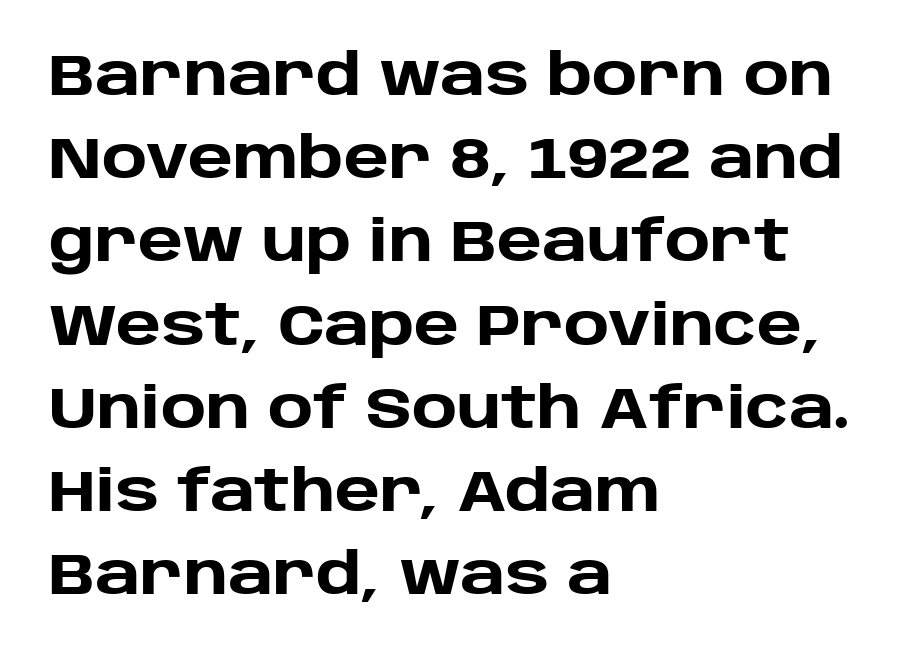
Every letter is thick-stroked: bold, no question. Unlike a traditional serif, this face leaves its strokes unadorned. Line starts are locked; line ends wander. The font's upright variant was chosen for this text.
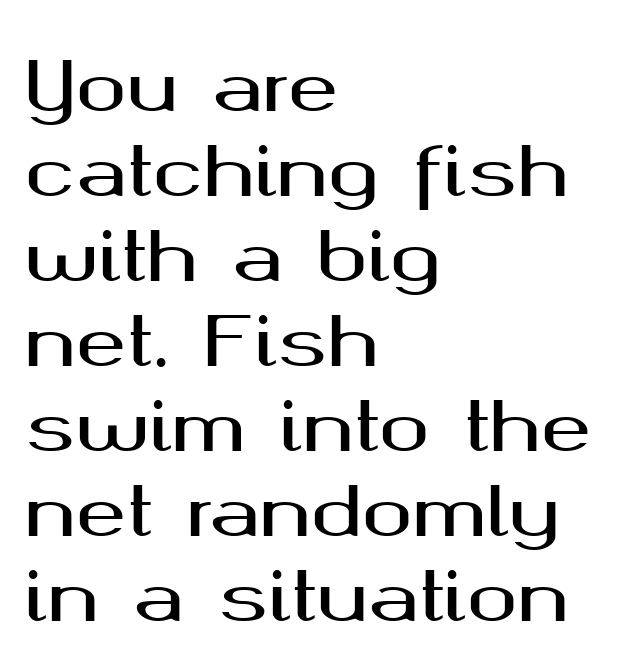
The image shows 68 px wide sans-serif type, upright; set left-aligned, normal line spacing (1.25x), normal letter spacing, not underlined; medium stroke contrast and a medium x-height.
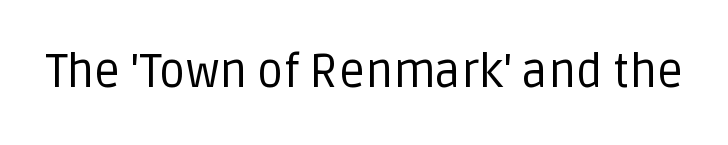
The image shows 46 px regular-weight sans-serif type, upright; set normal letter spacing, not underlined; low stroke contrast and a large x-height.
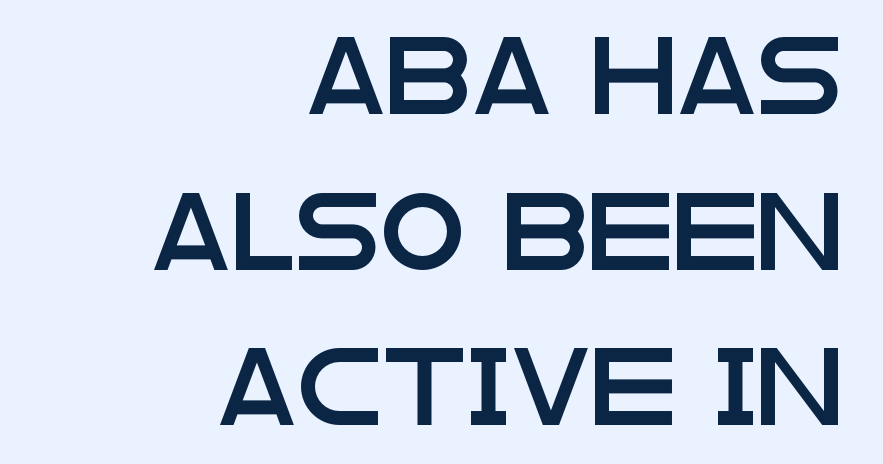
The image shows 77 px wide sans-serif type, upright; set right-aligned, loose line spacing (2.02x), normal letter spacing, not underlined; low stroke contrast and a large x-height.
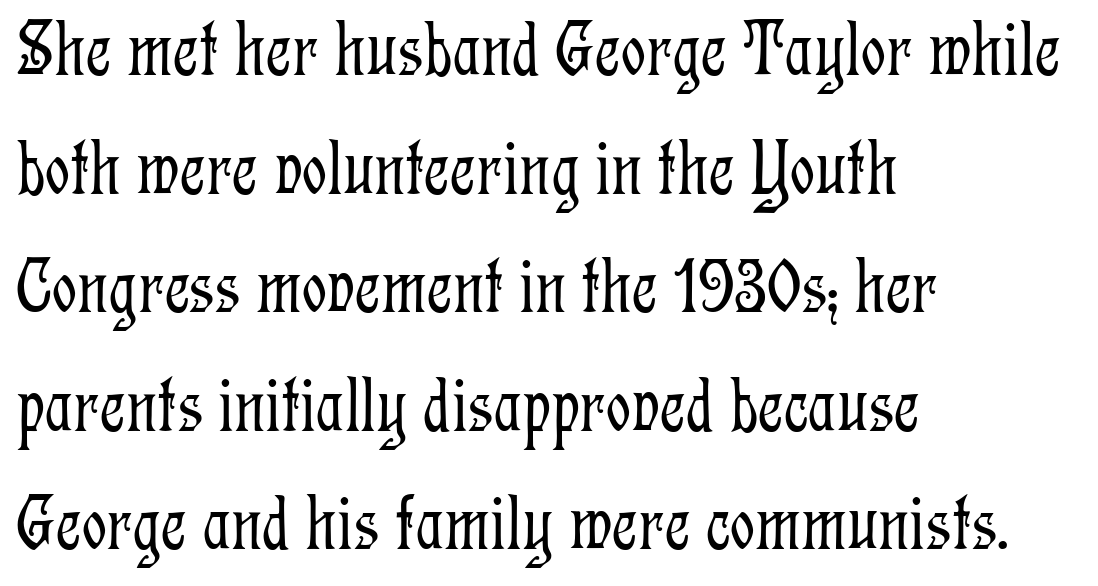
Q: Is the text bold? A: No.
Q: Is the text italic (slanted)? A: No, it is upright.
Q: Is the typeface a serif or a sans-serif typeface? A: Serif.
Q: Is the text underlined? A: No.
Q: How is the paragraph aligned? A: Left-aligned.
Q: Is the spacing between letters normal or unusually wide? A: Normal.
Q: Is the spacing between lines tight, normal or loose? A: Normal.
Q: Width (condensed, normal, or wide)? A: Condensed.
Q: Stroke contrast? A: Low.
Q: x-height? A: Medium.
Q: Monospaced? A: No.
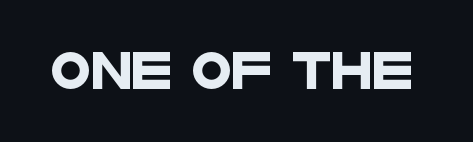
Q: Is the typeface a serif or a sans-serif typeface? A: Sans-serif.
Q: Is the text underlined? A: No.
Q: Is the spacing between letters normal or unusually wide? A: Normal.
Q: Width (condensed, normal, or wide)? A: Wide.
Q: Stroke contrast? A: Low.
Q: x-height? A: Large.
Q: Monospaced? A: No.
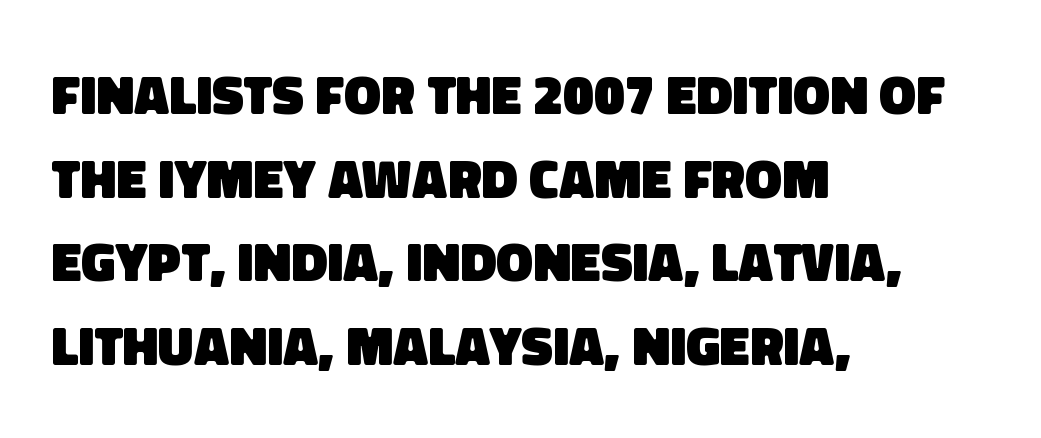
Q: Is the text bold? A: Yes.
Q: Is the typeface a serif or a sans-serif typeface? A: Sans-serif.
Q: Is the text underlined? A: No.
Q: How is the paragraph aligned? A: Left-aligned.
Q: Is the spacing between letters normal or unusually wide? A: Normal.
Q: Is the spacing between lines tight, normal or loose? A: Normal.
Q: Width (condensed, normal, or wide)? A: Normal.
Q: Stroke contrast? A: Low.
Q: x-height? A: Large.
Q: Monospaced? A: No.
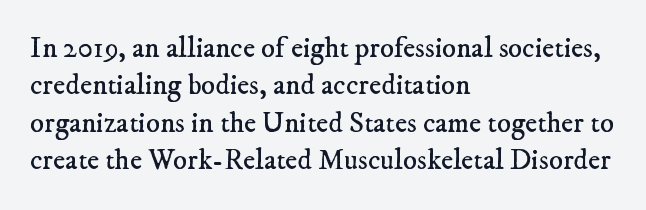
{"serif": "yes", "bold": "no", "weight": "regular", "width": "normal", "stroke_contrast": "low", "x_height": "small", "monospaced": "no", "underline": "no", "align": "left", "line_spacing": "normal", "line_spacing_ratio": 1.29, "letter_spacing": "normal", "letter_spacing_em": 0.0, "glyph_px": 29}
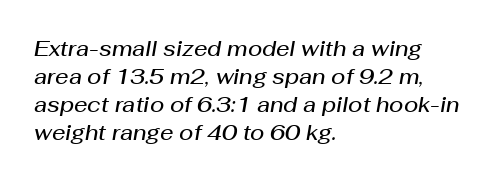
Q: Is the text bold? A: Semi-bold.
Q: Is the text italic (slanted)? A: Yes, it leans right by about 10 degrees.
Q: Is the text underlined? A: No.
Q: How is the paragraph aligned? A: Left-aligned.
Q: Is the spacing between letters normal or unusually wide? A: Normal.
Q: Is the spacing between lines tight, normal or loose? A: Normal.
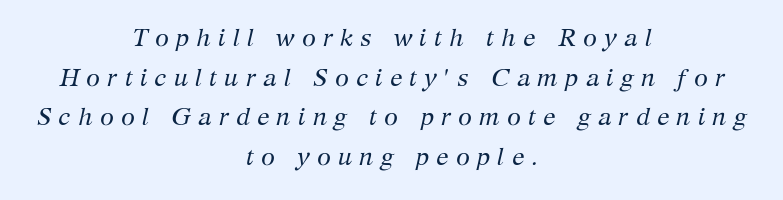
Q: Is the text bold? A: No.
Q: Is the text italic (slanted)? A: Yes, it leans right by about 12 degrees.
Q: Is the text underlined? A: No.
Q: How is the paragraph aligned? A: Centered.
Q: Is the spacing between letters normal or unusually wide? A: Unusually wide.
Q: Is the spacing between lines tight, normal or loose? A: Normal.

• _EXERCISE AIM_: Copy every single line of the material above that holds "about".

• _RESPONSE AREA_:
Q: Is the text italic (slanted)? A: Yes, it leans right by about 10 degrees.
Q: Is the text italic (slanted)? A: Yes, it leans right by about 12 degrees.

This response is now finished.